SOCIALISTI E AZIONE RIFORMISTA
(Parlamento Europeo, una candidatura non corrisposta)
L'invito della segreteria romana (ovviamente "di bandiera e a costo zero"), della mia candidatura al Parlamento Europeo nella formazione dei "Socialisti Uniti per l'Europa", personalmente mi lusinga, oltre a riflettersi come particolare attenzione e riconoscimento di stima per "Azione Riformista - l'Europa dei Cittadini" quale laboratorio di alto profilo sociale, d'incontro e dialogo "con la gente, tra la gente".
"Socialisti Uniti per l'Europa", con il simbolo dello storico garofano rosso, se così realmente fosse, come si vuol far palesare, sarebbe, finalmente!, il compimento da sempre auspicato da "Azione Riformista", a significare la fine della tragica diaspora tra i socialisti da lungo tempo fratelli Caino.
Purtroppo, la realtà, non è propriamente in questi
termini: a livello nazionale il "PS" ("Partito Socialista"
di Nencini) fa riferimento formale al "PD" così come a Savona è confluito nel "PD" locale a sostegno del candidato Boffa alla presidenza della Provincia.
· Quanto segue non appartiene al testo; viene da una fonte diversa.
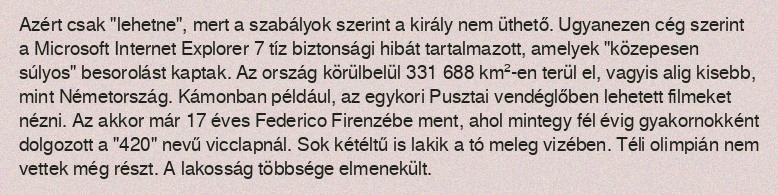
Azért csak "lehetne", mert a szabályok szerint a király nem üthető. Ugyanezen cég szerint a Microsoft Internet Explorer 7 tíz biztonsági hibát tartalmazott, amelyek "közepesen súlyos" besorolást kaptak. Az ország körülbelül 331 688 km²-en terül el, vagyis alig kisebb, mint Németország. Kámonban például, az egykori Pusztai vendéglőben lehetett filmeket nézni. Az akkor már 17 éves Federico Firenzébe ment, ahol mintegy fél évig gyakornokként dolgozott a "420" nevű vicclapnál. Sok kétéltű is lakik a tó meleg vizében. Téli olimpián nem vettek még részt. A lakosság többsége elmenekült.
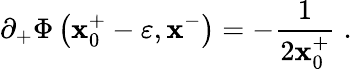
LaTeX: \partial_{+}\Phi\left(\mathbf{x}_{0}^{+}-\varepsilon,\mathbf{x}^{-}\right)=-{\frac{{1}}{{2\mathbf{x}_{0}^{+}}}}\; .
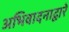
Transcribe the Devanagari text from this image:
अभिवादनाद्वारे
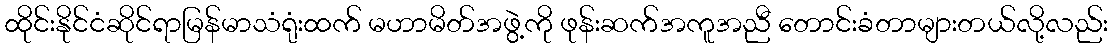
ထိုင်းနိုင်ငံဆိုင်ရာမြန်မာသံရုံးထက် မဟာမိတ်အဖွဲ့ကို ဖုန်းဆက်အကူအညီ တောင်းခံတာများတယ်လို့လည်း
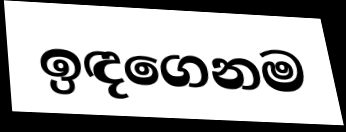
ඉඳගෙනම
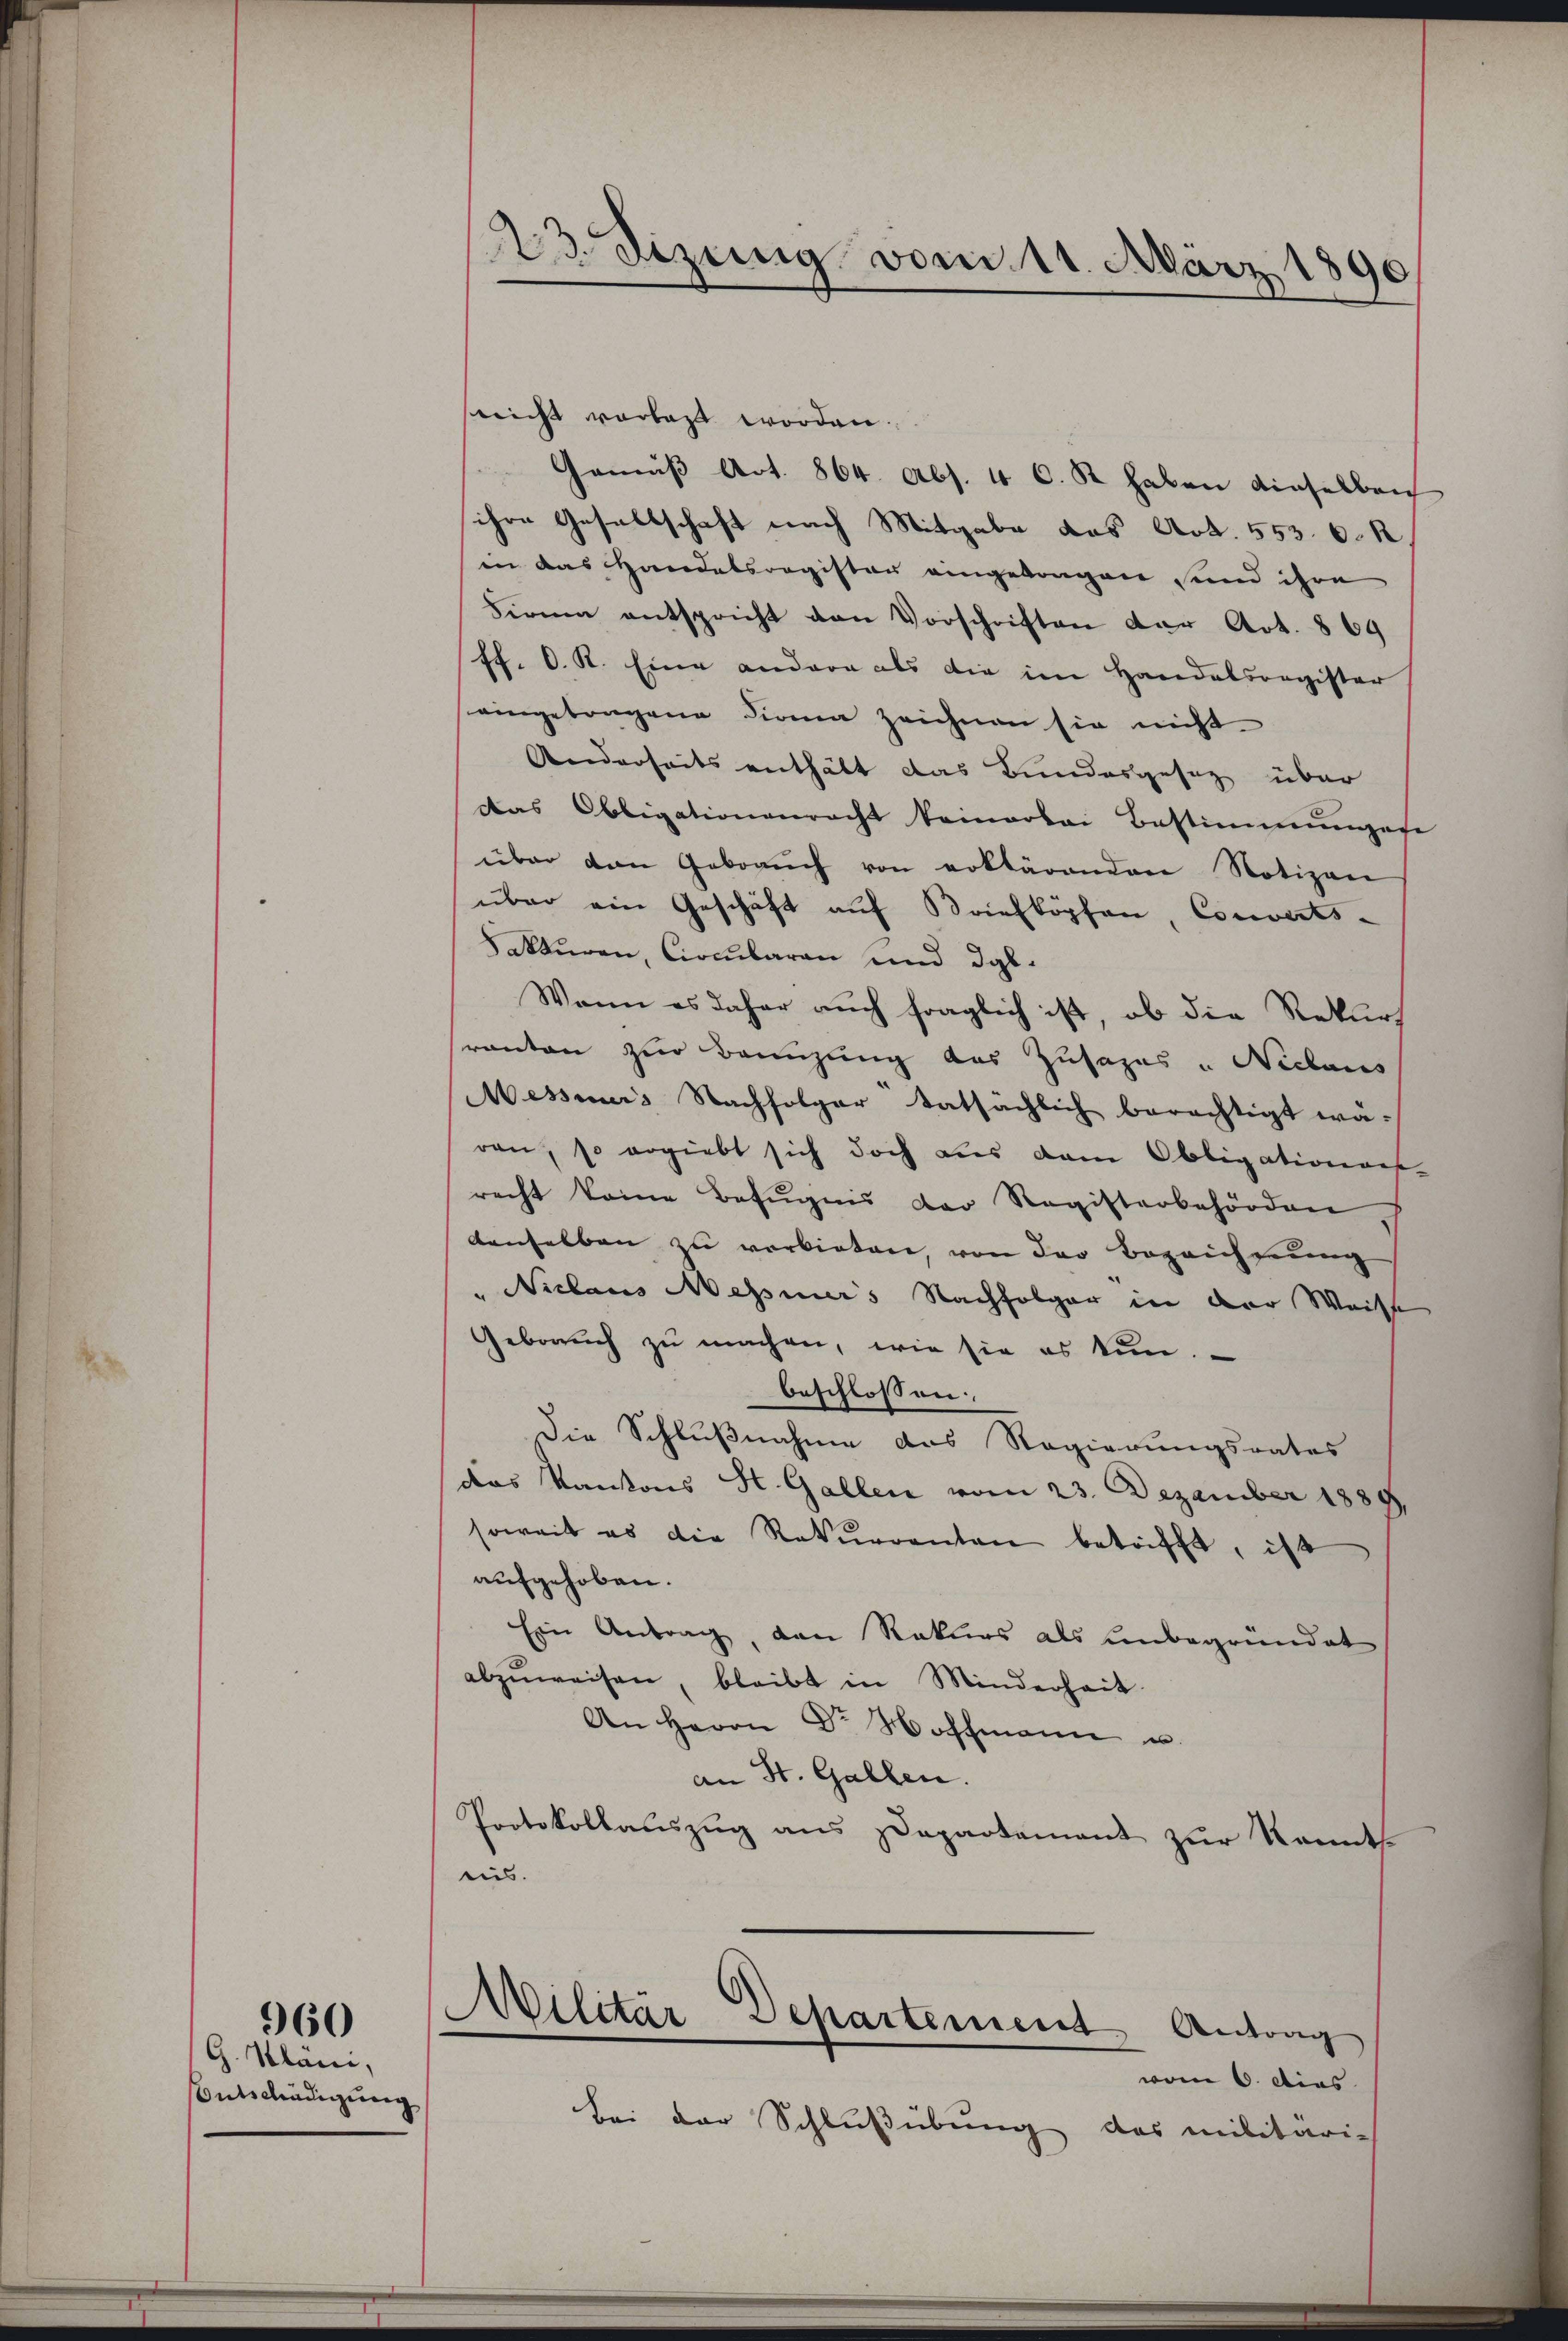
G. Kläni,
Entschädigung

960

snicht vorlagt worden.
Gemäß Art. 864. Abs. 4 C. R. haben einselben
sichen Gesellschaft nach Mitgabe das Art. 553. 6. R
in das Handelsregister eingelangen sind ihre
Firne entspricht von Vorschriften der Art. 869
ff. D. R. Eine andere als die im Handelsregister
eingetragene Diana zeichnen sie nicht
Anderseits enthält das Bundesgesetz über
das Obligationenrecht keinerlei Bestimmungen
über den Gebrauch von erklärenden Notizen
über ein Geschäft auf Briefköpfen, Converts-
Aturen, Ciombaren und dgl.
Wenn es daher auch fraglich ist, ob die Rekurs
ranten zur Benzung des Zusages und Niclaus
Messiers Nachfolger tatsächlich berechtigt wä-
ren, so ergiebt sich doch aus dem Obligationais-
recht keine befŭgen der Registerbehörden,
denselben zu verbieten, von der Bezeicherung
" Niclaus Messiners Nachfolger in der Weise
Gebrauch zu machen, wie sie es kun
beschlossen:
Die Schlußnahme des Regierungsrates
das Kantons St. Gallen vom 23. Dezember 1889
soweit es die Rekurrenten betrifft, ist
aufgehoben.
Ein Antrag, den Rekurs als unbegründet
abzŭweisen, bleibt in Minderheit.
An Herrn Dr Hoffmann u.
an St. Gallen.
Protokollauszug aus Departement zur Kenntiins.
Militär-Departement Antrag
vom 6. dies
Bei der Schlußübung das militari-

3 Sizung vom 11. März 1890
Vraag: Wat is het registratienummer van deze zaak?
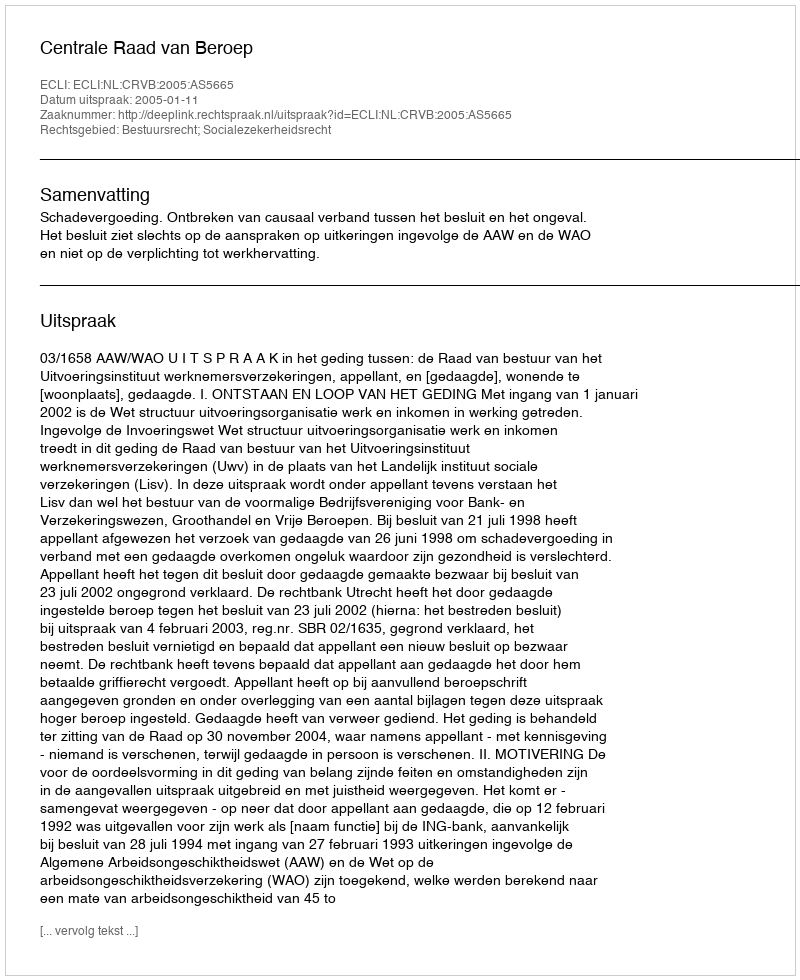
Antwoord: http://deeplink.rechtspraak.nl/uitspraak?id=ECLI:NL:CRVB:2005:AS5665
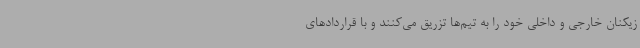
زیکنان خارجی و داخلی خود را به تیم‌ها تزریق می‌کنند و با قراردادهای
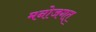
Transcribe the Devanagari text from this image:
मनोजगत्
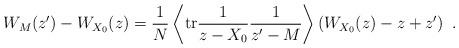
LaTeX: \begin{align*}W_M(z')-W_{X_0}(z)=\frac{1}{N}\left\langle\mathrm{tr}\frac{1}{z-X_0}\frac{1}{z'-M}\right\rangle\left(W_{X_0}(z)-z+z'\right)\ .\end{align*}
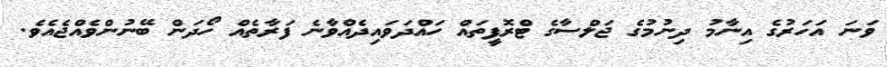
ވަނަ އަހަރުގެ އިނާމު ދިނުމުގެ ޖަލްސާގެ ޓްރޮފީތައް ހައްދަވައިދެއްވާނެ ފަރާތެއް ހޯދަން ބޭނުންވެއްޖެއެވެ.
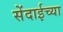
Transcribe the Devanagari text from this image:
सेंदाईच्या
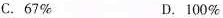
C.67% D.100%
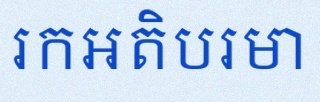
រកអតិបរមា
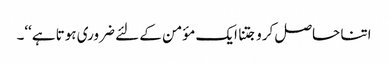
اتنا حاصل کرو جتنا ایک مؤمن کے لئے ضروری ہوتا ہے‘‘۔
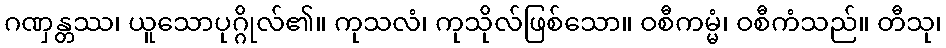
ဂဏှန္တဿ၊ ယူသောပုဂ္ဂိုလ်၏။ ကုသလံ၊ ကုသိုလ်ဖြစ်သော။ ဝစီကမ္မံ၊ ဝစီကံသည်။ တီသု၊
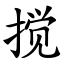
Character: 搅
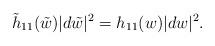
LaTeX: \begin{align*}\tilde{h}_{11}(\tilde{w})|d\tilde{w}|^2=h_{11}(w)|dw|^2.\end{align*}
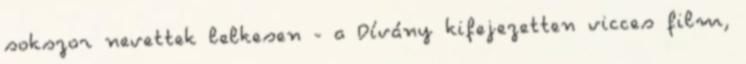
sokszor nevettek lelkesen - a Dívány kifejezetten vicces film,
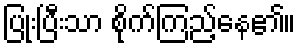
ပြုံးပြီးသာ စိုက်ကြည့်နေ၏။
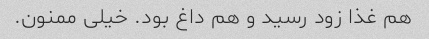
هم غذا زود رسید و هم داغ بود. خیلی ممنون.
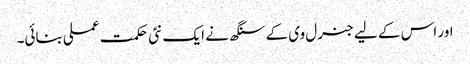
اور اس کے لیے جنرل وی کے سنگھ نے ایک نئی حکمت عملی بنائی۔
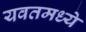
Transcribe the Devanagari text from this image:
यवतमध्ये
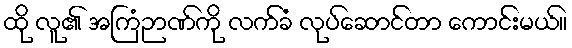
ထို လူ၏ အကြံဉာဏ်ကို လက်ခံ လုပ်ဆောင်တာ ကောင်းမယ်။
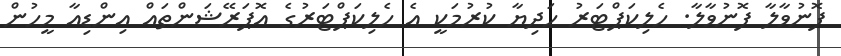
ފޮނުވާލާ ފޮނުވާލާ. ހެލިކަޕްޓަރު ހަދިޔާ ކުރުމަކީ އެ ހެލިކަޕްޓަރުގެ އޮޕަރޭޝަންތައް އިންޑިއާ މީހުން
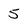
Character: 5
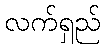
လက်ရှည်
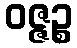
ဝဇ္ဇဉ္စ
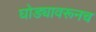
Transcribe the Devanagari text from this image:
घोड्यावरूनच
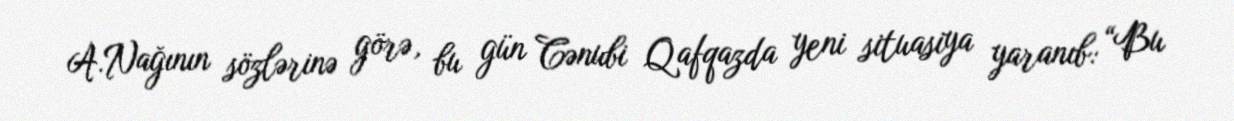
A.Nağının sözlərinə görə, bu gün Cənubi Qafqazda yeni situasiya yaranıb: “Bu
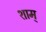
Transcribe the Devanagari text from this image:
शाम्
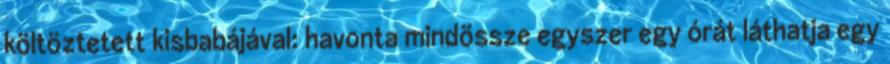
költöztetett kisbabájával: havonta mindössze egyszer egy órát láthatja egy
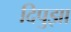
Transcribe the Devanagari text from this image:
दिपुझा
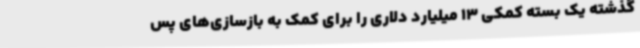
گذشته یک بسته کمکی 13 میلیارد دلاری را برای کمک به بازسازی‌های پس
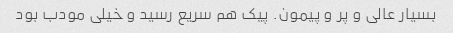
بسیار عالی و پر و پیمون. پیک هم سریع رسید و خیلی مودب بود
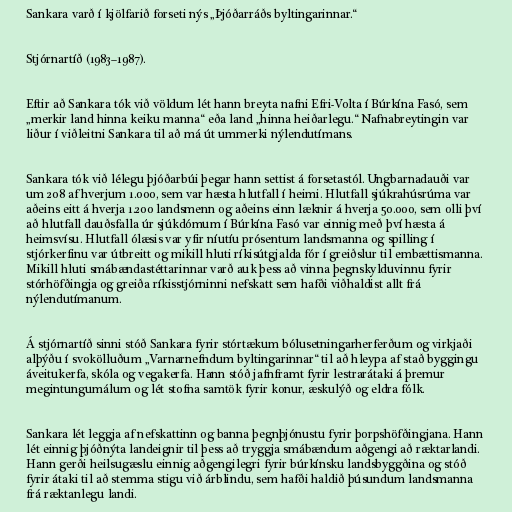
Sankara varð í kjölfarið forseti nýs „Þjóðarráðs byltingarinnar.“

Stjórnartíð (1983–1987).

Eftir að Sankara tók við völdum lét hann breyta nafni Efri-Volta í Búrkína Fasó, sem
„merkir land hinna keiku manna“ eða land „hinna heiðarlegu.“ Nafnabreytingin var
liður í viðleitni Sankara til að má út ummerki nýlendutímans.

Sankara tók við lélegu þjóðarbúi þegar hann settist á forsetastól. Ungbarnadauði var
um 208 af hverjum 1.000, sem var hæsta hlutfall í heimi. Hlutfall sjúkrahúsrúma var
aðeins eitt á hverja 1.200 landsmenn og aðeins einn læknir á hverja 50.000, sem olli því
að hlutfall dauðsfalla úr sjúkdómum í Búrkína Fasó var einnig með því hæsta á
heimsvísu. Hlutfall ólæsis var yfir níutíu prósentum landsmanna og spilling í
stjórkerfinu var útbreitt og mikill hluti ríkisútgjalda fór í greiðslur til embættismanna.
Mikill hluti smábændastéttarinnar varð auk þess að vinna þegnskylduvinnu fyrir
stórhöfðingja og greiða ríkisstjórninni nefskatt sem hafði viðhaldist allt frá
nýlendutímanum.

Á stjórnartíð sinni stóð Sankara fyrir stórtækum bólusetningarherferðum og virkjaði
alþýðu í svokölluðum „Varnarnefndum byltingarinnar“ til að hleypa af stað byggingu
áveitukerfa, skóla og vegakerfa. Hann stóð jafnframt fyrir lestrarátaki á þremur
megintungumálum og lét stofna samtök fyrir konur, æskulýð og eldra fólk.

Sankara lét leggja af nefskattinn og banna þegnþjónustu fyrir þorpshöfðingjana. Hann
lét einnig þjóðnýta landeignir til þess að tryggja smábændum aðgengi að ræktarlandi.
Hann gerði heilsugæslu einnig aðgengilegri fyrir búrkínsku landsbyggðina og stóð
fyrir átaki til að stemma stigu við árblindu, sem hafði haldið þúsundum landsmanna
frá ræktanlegu landi.
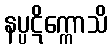
နပ္ပဋိက္ကောသိ
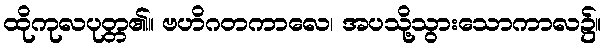
ထိုကုလပုတ္တ၏။ ဗဟိဂတကာလေ၊ အပသို့သွားသောကာလ၌။
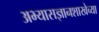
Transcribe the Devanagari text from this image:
अभ्यासज्ञानशाखेच्या

Il "Nuovo PSI" ("Nuovo Partito Socialista", ex De Michelis, attualmente in quota On.li Caldoro e Barani), con simbolo del garofano rosso del tutto similare a quello dei "Socialisti Uniti per l'Europa" (e per tale motivo in attesa di sentenza urgente da parte del Tribunale di Roma che ne decreti la proprietà e conseguente utilizzo ai fini elettorali), è presente a Savona con una propria lista autonoma a sostegno del candidato Vaccarezza, oltre che nei vari Comuni per l'elezione dei Sindaci.
Così pure sono estranei, non partecipano a questo progetto di "vaporosa unità" molti altri movimenti, sia autonomi che sbilanciati a destra o a sinistra.
Circa due anni fa anche a Savona, come a livello nazionale, si era provveduto a concretizzare la "Costituente Socialista" con la partecipazione, d'apprima convinta e poi disillusa, del "NuovoPSI" (Grasselli), dello "SDI"
(Caviglia), di "Azione Riformista" (Gigliotti) e della componente "Angius" (De Cia): purtroppo vanificata dopo pochi giorni dai consueti personalismi degli inossidabili direttori d'orchestra dello "SDI": con forte dissenso e fuga di moltissimi compagni.
Evidentemente la parola "uniti" non ha ancora trovato il senso vero del suo profondo significato.
Con tali presupposti, con tali motivazioni, con coerenza nei propri principi, rispettosamente e con non poco rammarico, si è declinato la candidatura al Parlamento Europeo.
"Azione Riformista" continuerà nel suo impegno primario di ricostruzione della nobile casa del Socialismo e del
Riformismo,con costanza ed orgoglio, nella ricerca di una veritiera "pari dignità ed unità d'intenti".